#### WHAT IS REQUIRED:
Exactly the lines from the one with "Image comes 7.0 s after image 1." through the end of the records below are needed, minus any pictures.

*** Begin section ***

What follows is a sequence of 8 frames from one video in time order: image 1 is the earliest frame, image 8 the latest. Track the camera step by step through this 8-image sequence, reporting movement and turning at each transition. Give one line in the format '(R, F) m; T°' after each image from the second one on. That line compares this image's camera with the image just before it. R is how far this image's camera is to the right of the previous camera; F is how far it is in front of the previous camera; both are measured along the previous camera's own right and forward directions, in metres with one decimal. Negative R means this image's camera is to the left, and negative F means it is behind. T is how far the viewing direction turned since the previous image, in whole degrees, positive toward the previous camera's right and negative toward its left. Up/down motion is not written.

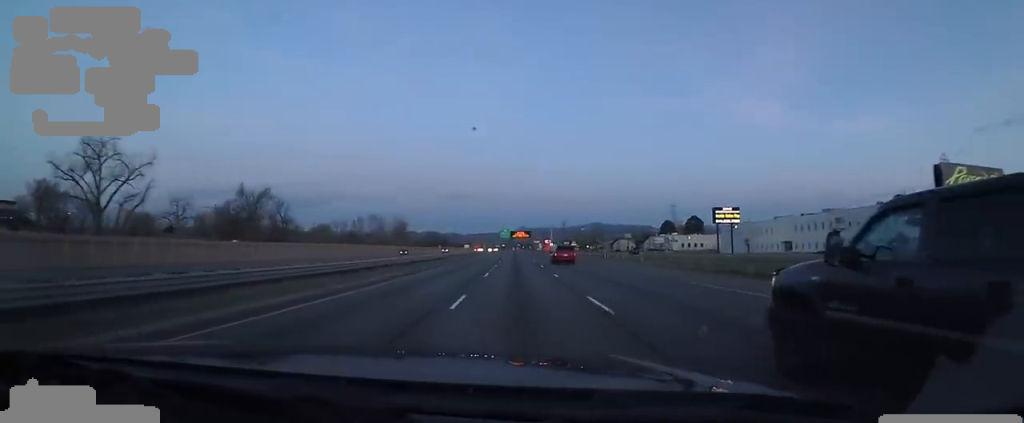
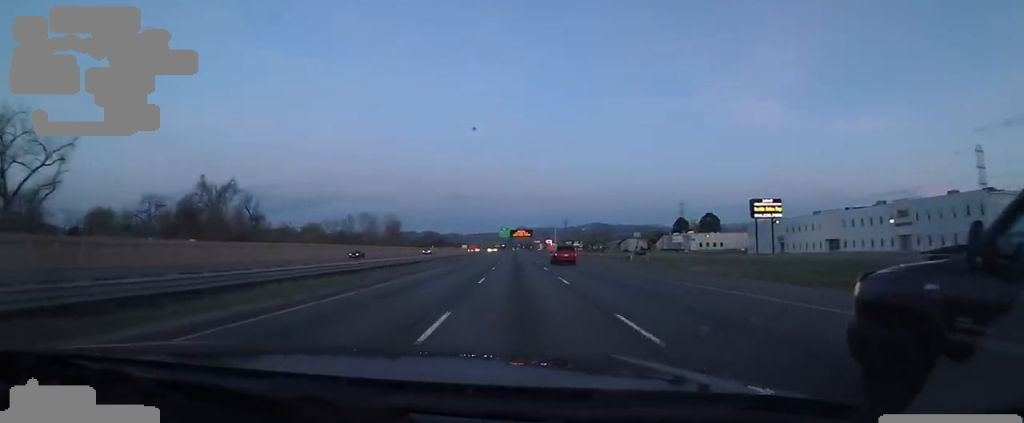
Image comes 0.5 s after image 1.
(0.0, +16.2) m; 0°
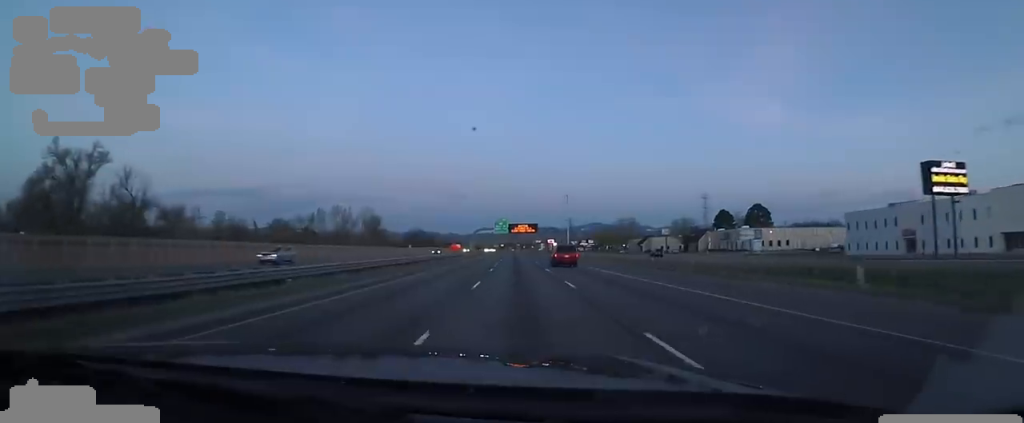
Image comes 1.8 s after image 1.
(0.0, +38.4) m; 0°
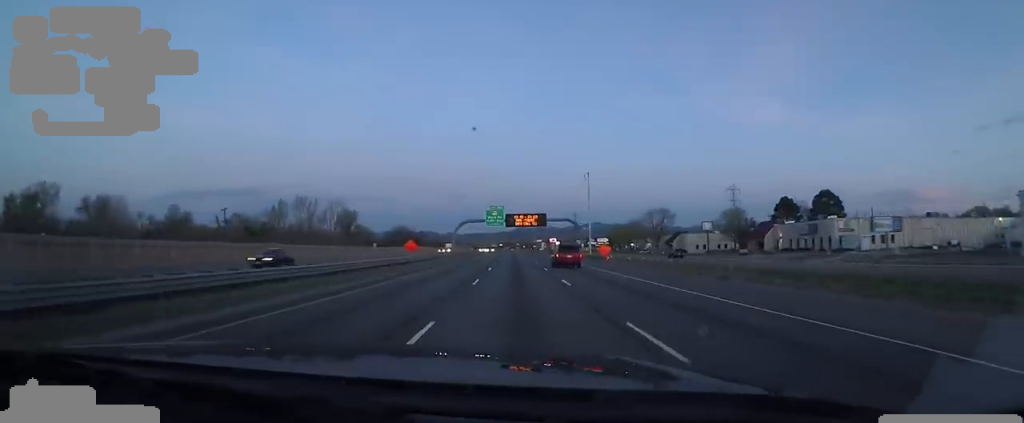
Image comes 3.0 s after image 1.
(0.0, +35.9) m; 0°
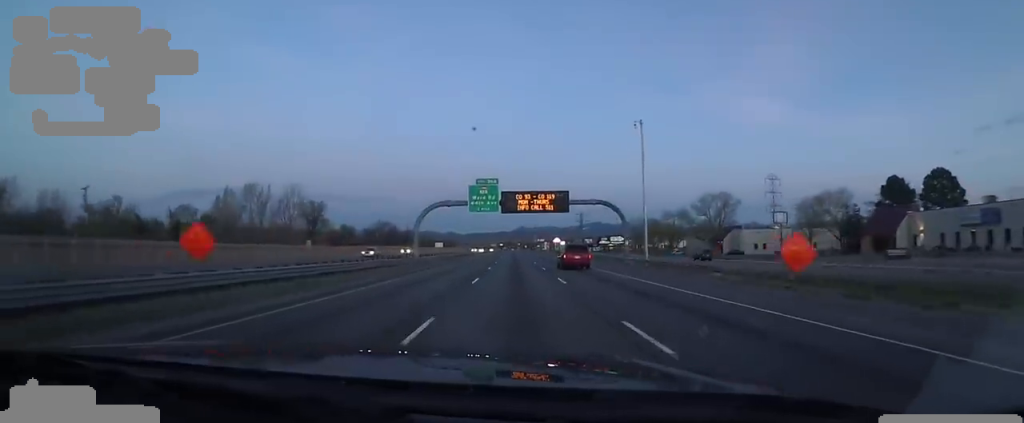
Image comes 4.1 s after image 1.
(0.0, +35.8) m; 0°
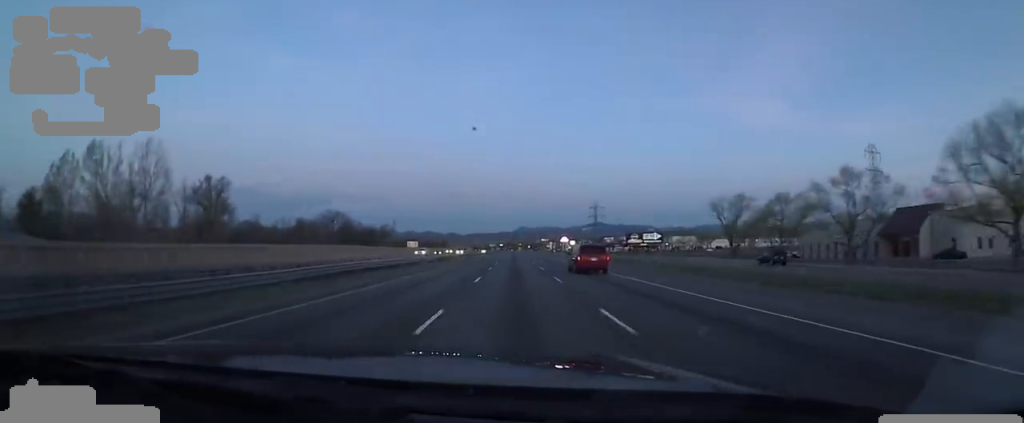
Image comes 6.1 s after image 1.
(0.0, +58.6) m; 0°
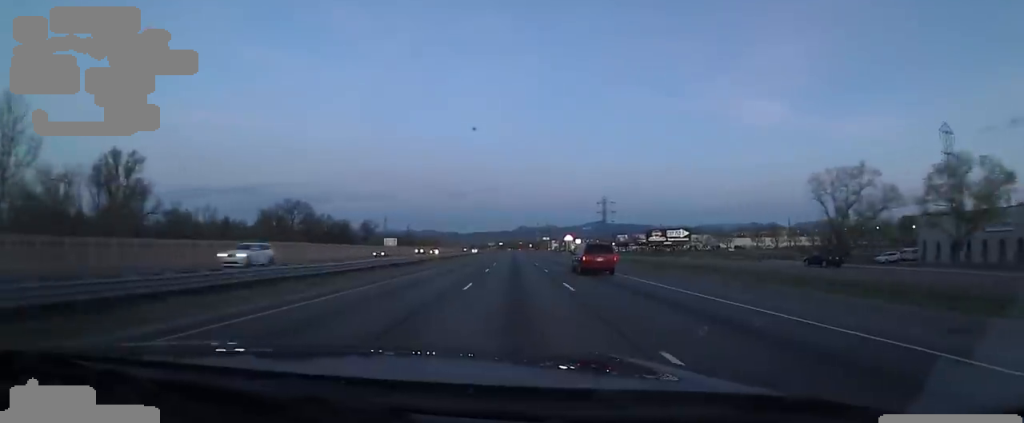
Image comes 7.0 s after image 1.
(0.0, +28.3) m; 0°
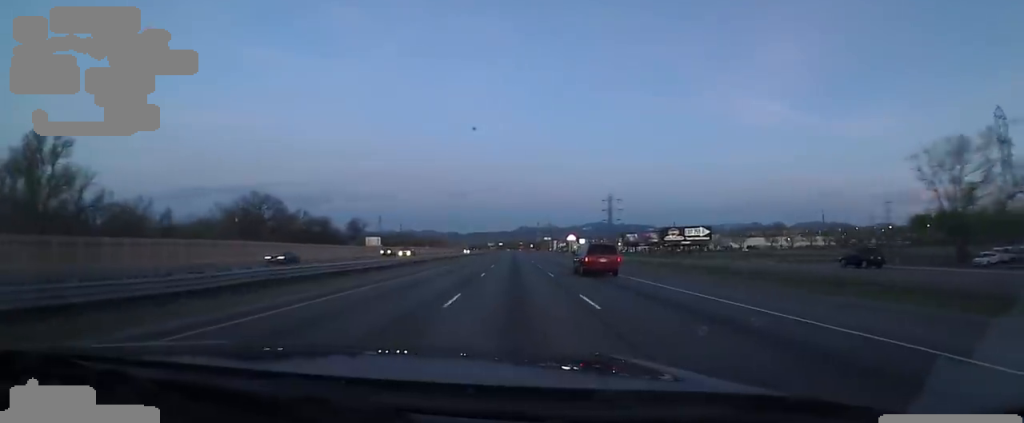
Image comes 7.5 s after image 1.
(0.0, +16.3) m; -1°

*** End section ***

#### FINAL ANSWER:
Image comes 7.0 s after image 1.
(0.0, +28.3) m; 0°
Image comes 7.5 s after image 1.
(0.0, +16.3) m; -1°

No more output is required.